(Data records)
►

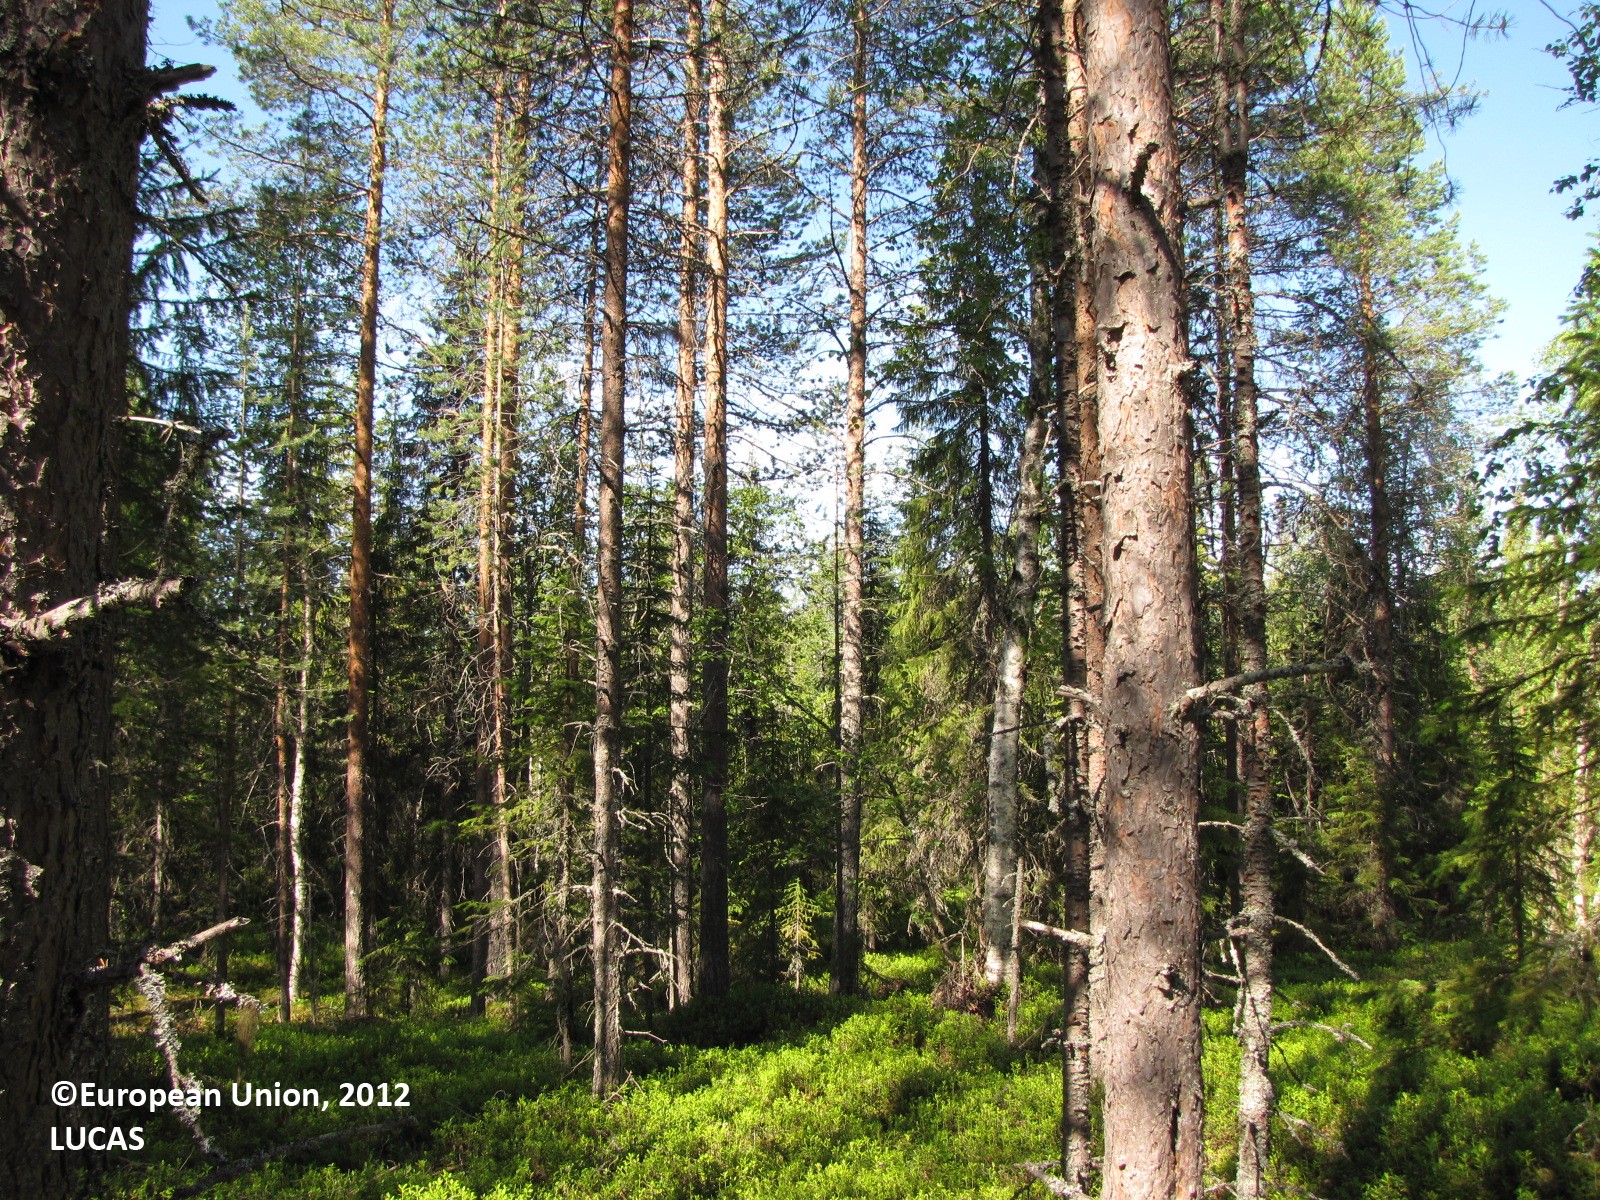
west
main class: Woodland
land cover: Pine dominated coniferous woodland
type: boreal forest
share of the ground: 50 - 75 %
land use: Forestry
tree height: > 5 m
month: July
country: FI
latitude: 66.3704
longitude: 25.2870
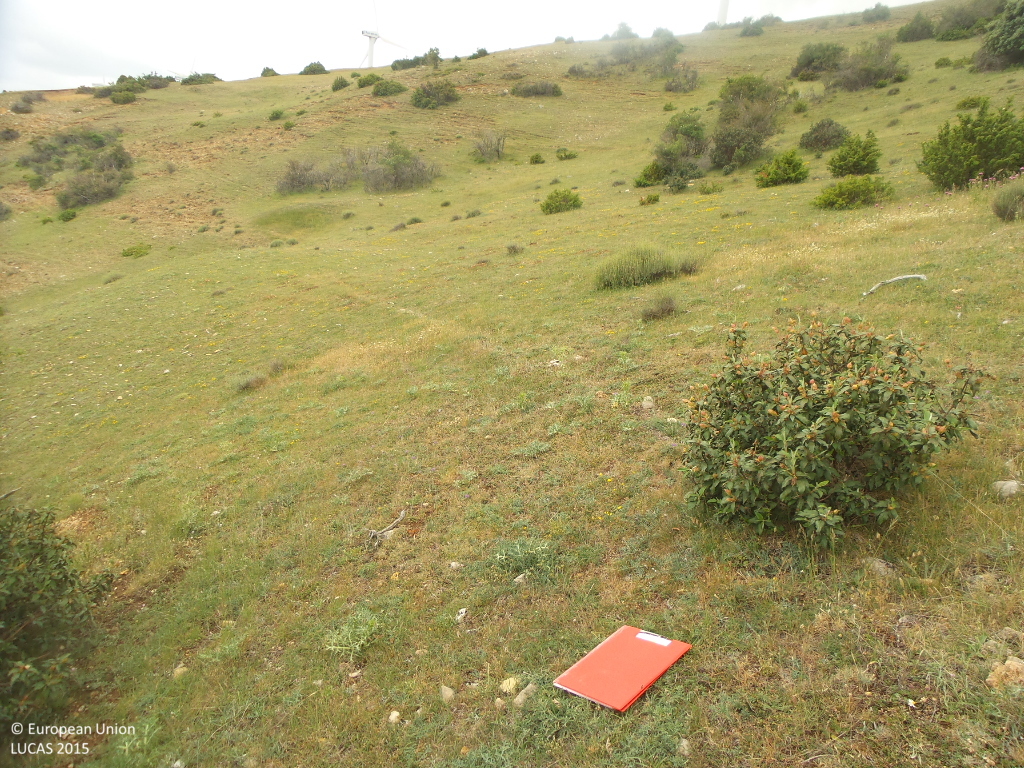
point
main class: Shrubland
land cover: Shrubland without tree cover
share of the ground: 10 - 25 %
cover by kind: herbaceous plants 85 %, shrubs 10 %, unconsolidated bare surface 5 %
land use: Agriculture (excluding fallow land and kitchen gardens)
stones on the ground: < 10 %
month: June
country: ES
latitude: 41.2969
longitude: -3.1658
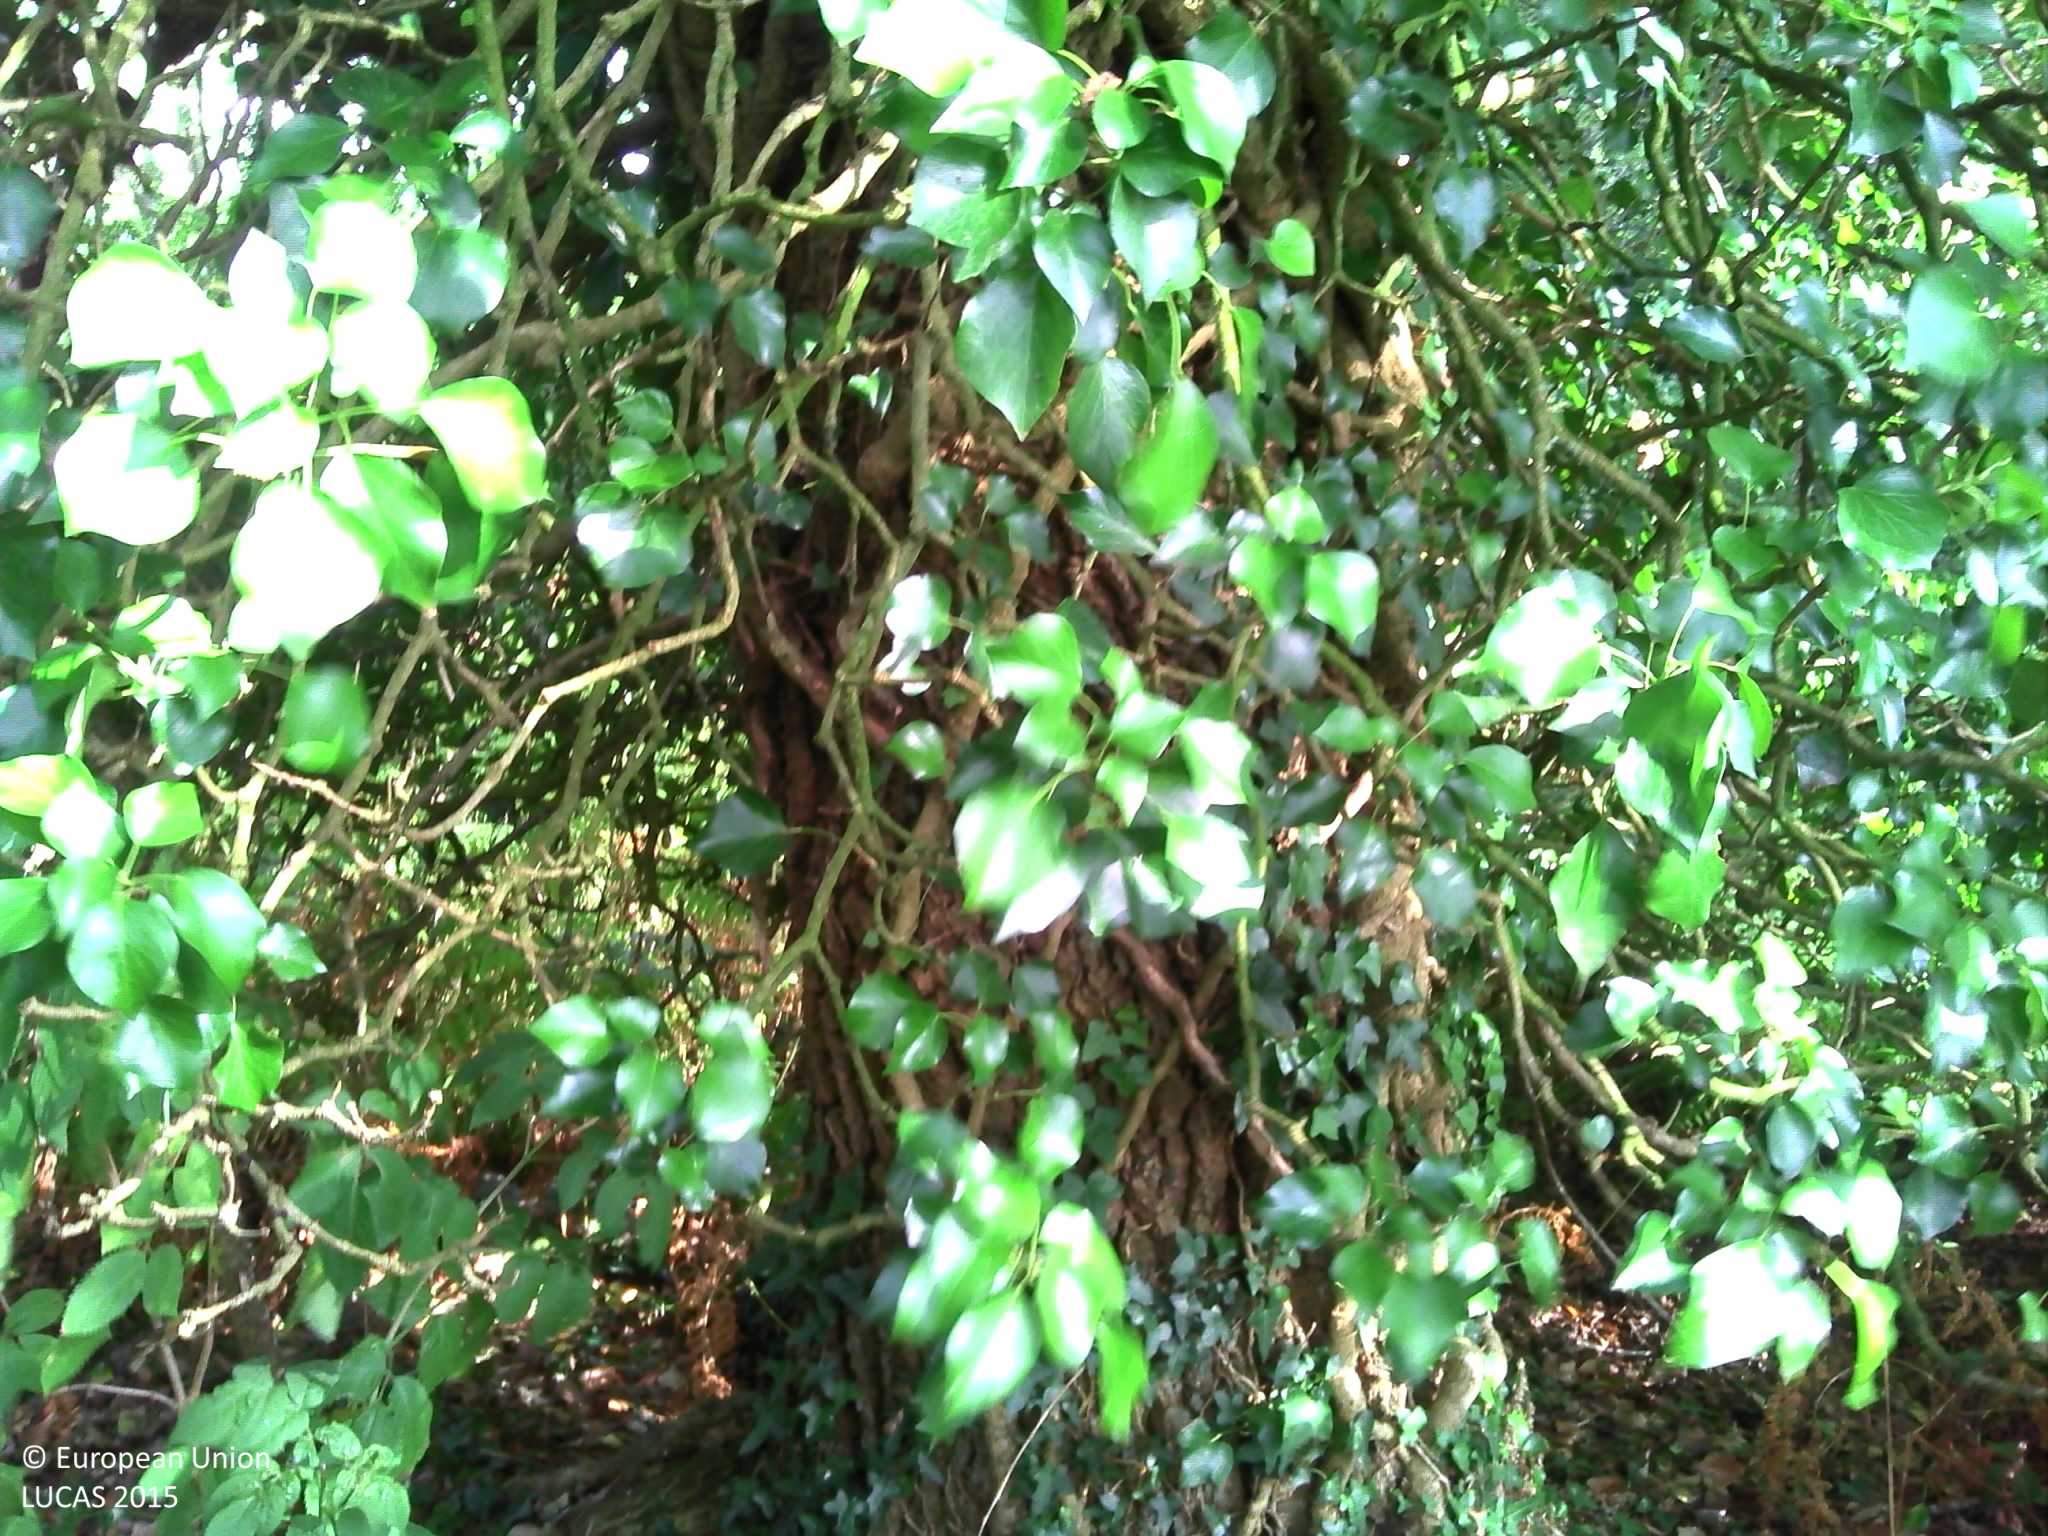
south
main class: Woodland
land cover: Broadleaved woodland
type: acidophilous oak and oak-birch forest
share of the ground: > 75 %
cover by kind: broadleaved forest trees 70 %, shrubs 10 %, herbaceous plants 10 %, consolidated bare surface 10 %
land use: Forestry
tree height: > 5 m
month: July
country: FR
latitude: 47.7942
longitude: -3.4646

◄

_TASK DESCRIPTION_.
Output the data exactly. Leave every picture out.

_ANSWER BOX_.
west
main class: Woodland
land cover: Pine dominated coniferous woodland
type: boreal forest
share of the ground: 50 - 75 %
land use: Forestry
tree height: > 5 m
month: July
country: FI
latitude: 66.3704
longitude: 25.2870
point
main class: Shrubland
land cover: Shrubland without tree cover
share of the ground: 10 - 25 %
cover by kind: herbaceous plants 85 %, shrubs 10 %, unconsolidated bare surface 5 %
land use: Agriculture (excluding fallow land and kitchen gardens)
stones on the ground: < 10 %
month: June
country: ES
latitude: 41.2969
longitude: -3.1658
south
main class: Woodland
land cover: Broadleaved woodland
type: acidophilous oak and oak-birch forest
share of the ground: > 75 %
cover by kind: broadleaved forest trees 70 %, shrubs 10 %, herbaceous plants 10 %, consolidated bare surface 10 %
land use: Forestry
tree height: > 5 m
month: July
country: FR
latitude: 47.7942
longitude: -3.4646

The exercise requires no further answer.